**Work instruction**.
Give the listing again word for word, excluding the pictures it contains.

**Extracted data**.
══════════════════════════════

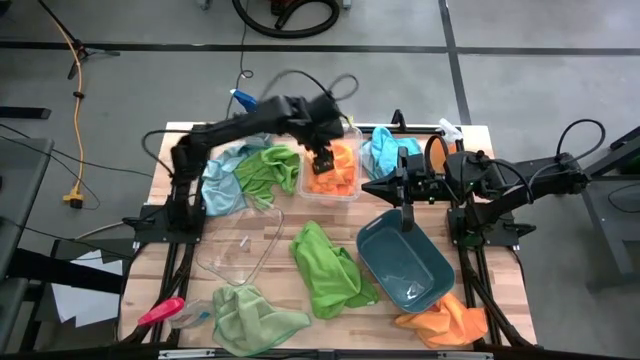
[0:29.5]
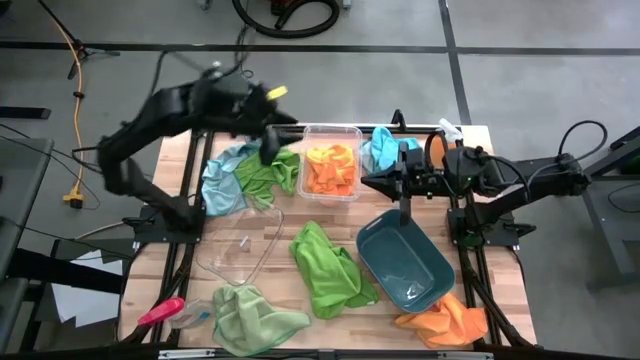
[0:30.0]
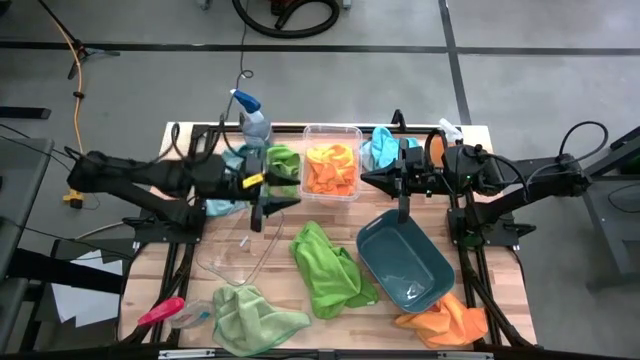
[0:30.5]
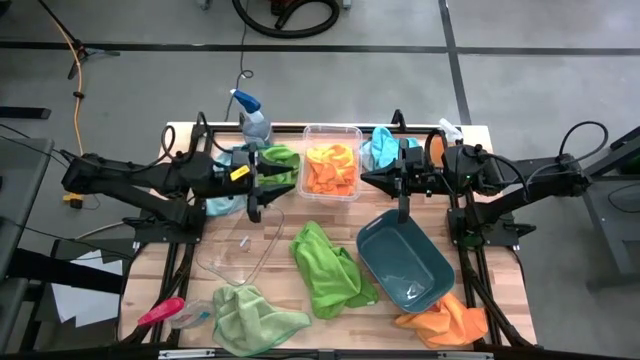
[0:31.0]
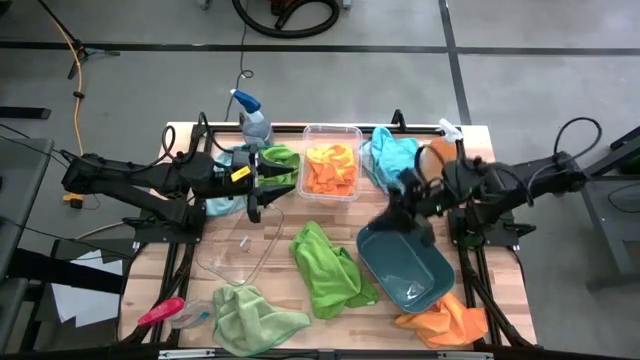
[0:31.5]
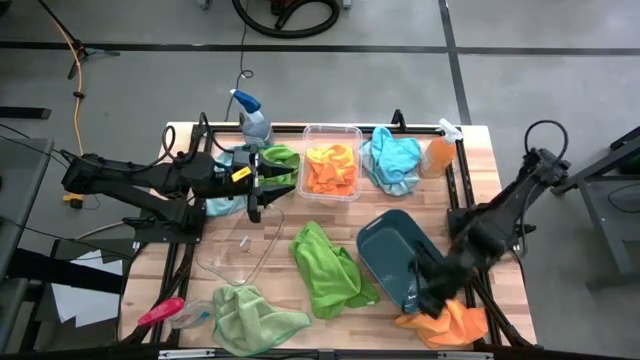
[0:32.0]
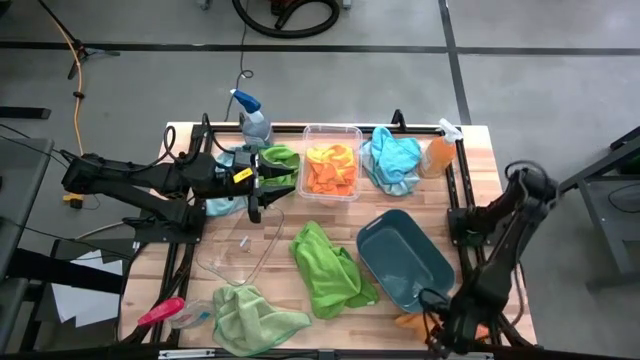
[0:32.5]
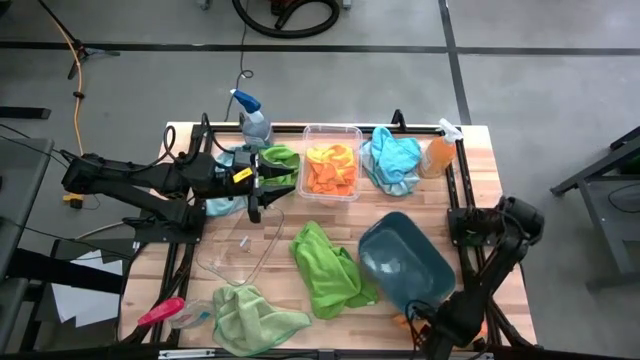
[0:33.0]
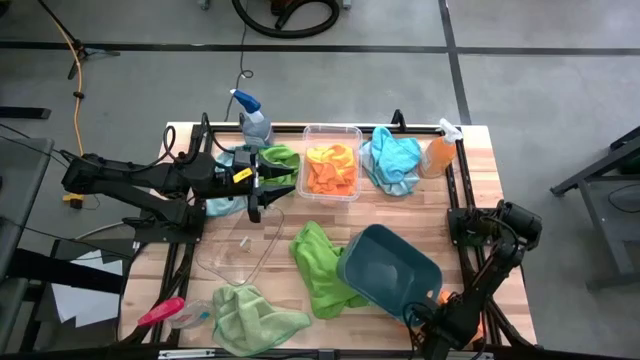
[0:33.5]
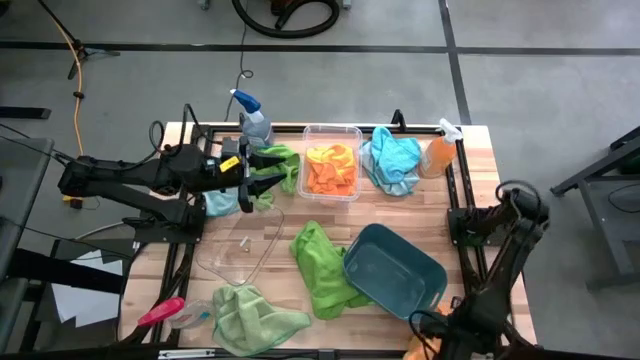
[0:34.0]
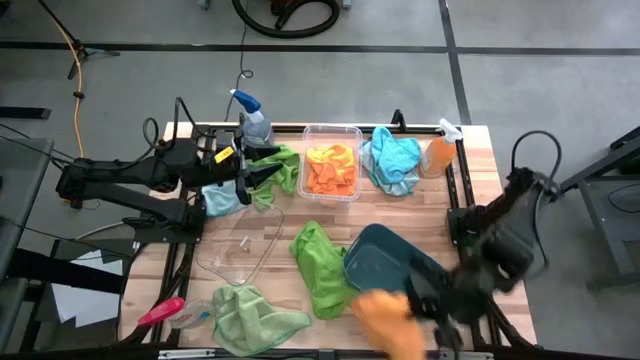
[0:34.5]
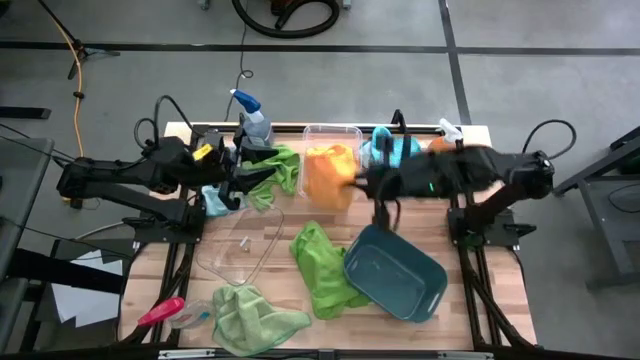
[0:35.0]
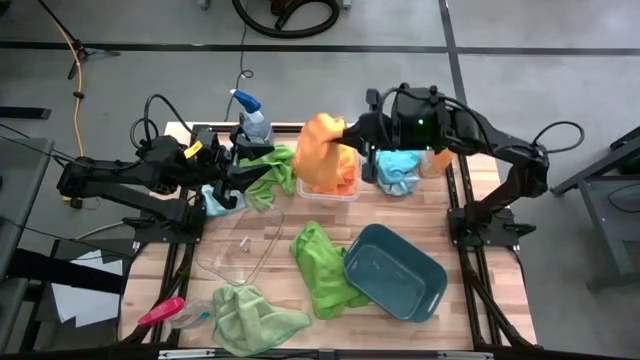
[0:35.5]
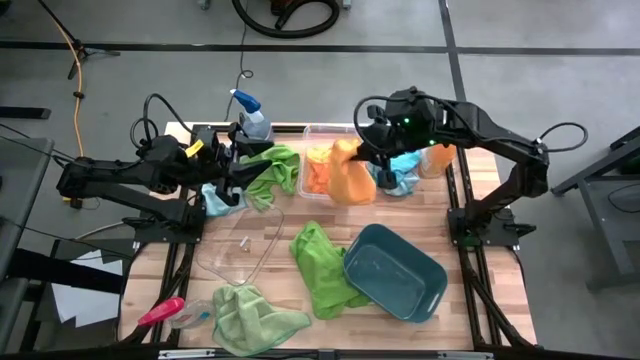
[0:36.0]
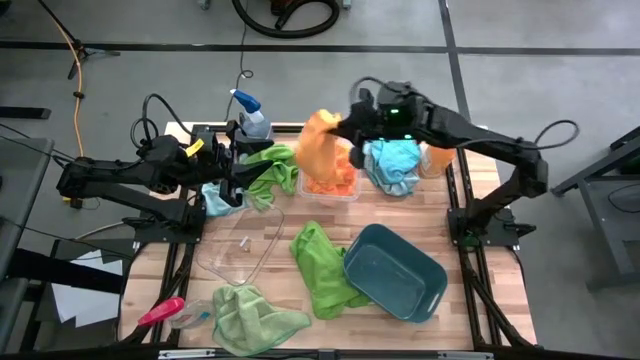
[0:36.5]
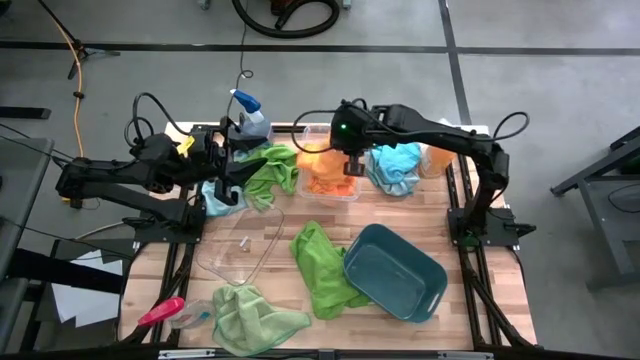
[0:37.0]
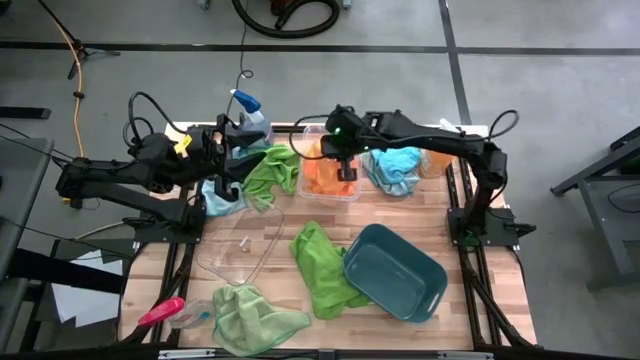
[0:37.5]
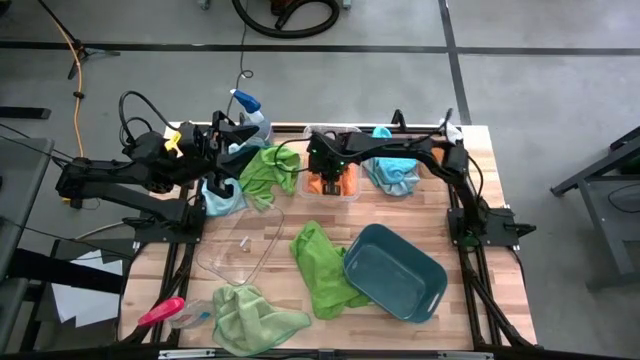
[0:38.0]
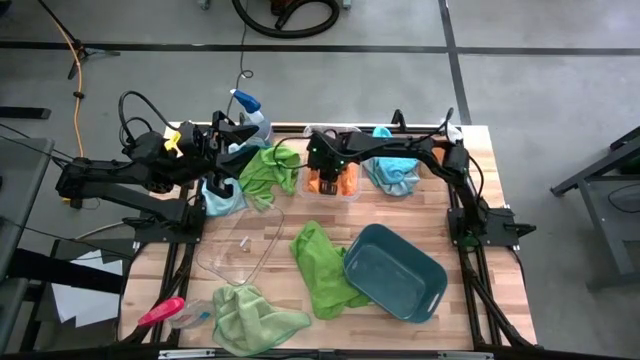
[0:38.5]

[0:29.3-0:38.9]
Task: Sort microfiber towel by color & place in baskets
Put the orange microfiber towel into the top transparent bin

══════════════════════════════

**Reply**.
[0:29.5]
[0:30.0]
[0:30.5]
[0:31.0]
[0:31.5]
[0:32.0]
[0:32.5]
[0:33.0]
[0:33.5]
[0:34.0]
[0:34.5]
[0:35.0]
[0:35.5]
[0:36.0]
[0:36.5]
[0:37.0]
[0:37.5]
[0:38.0]
[0:38.5]

[0:29.3-0:38.9]
Task: Sort microfiber towel by color & place in baskets
Put the orange microfiber towel into the top transparent bin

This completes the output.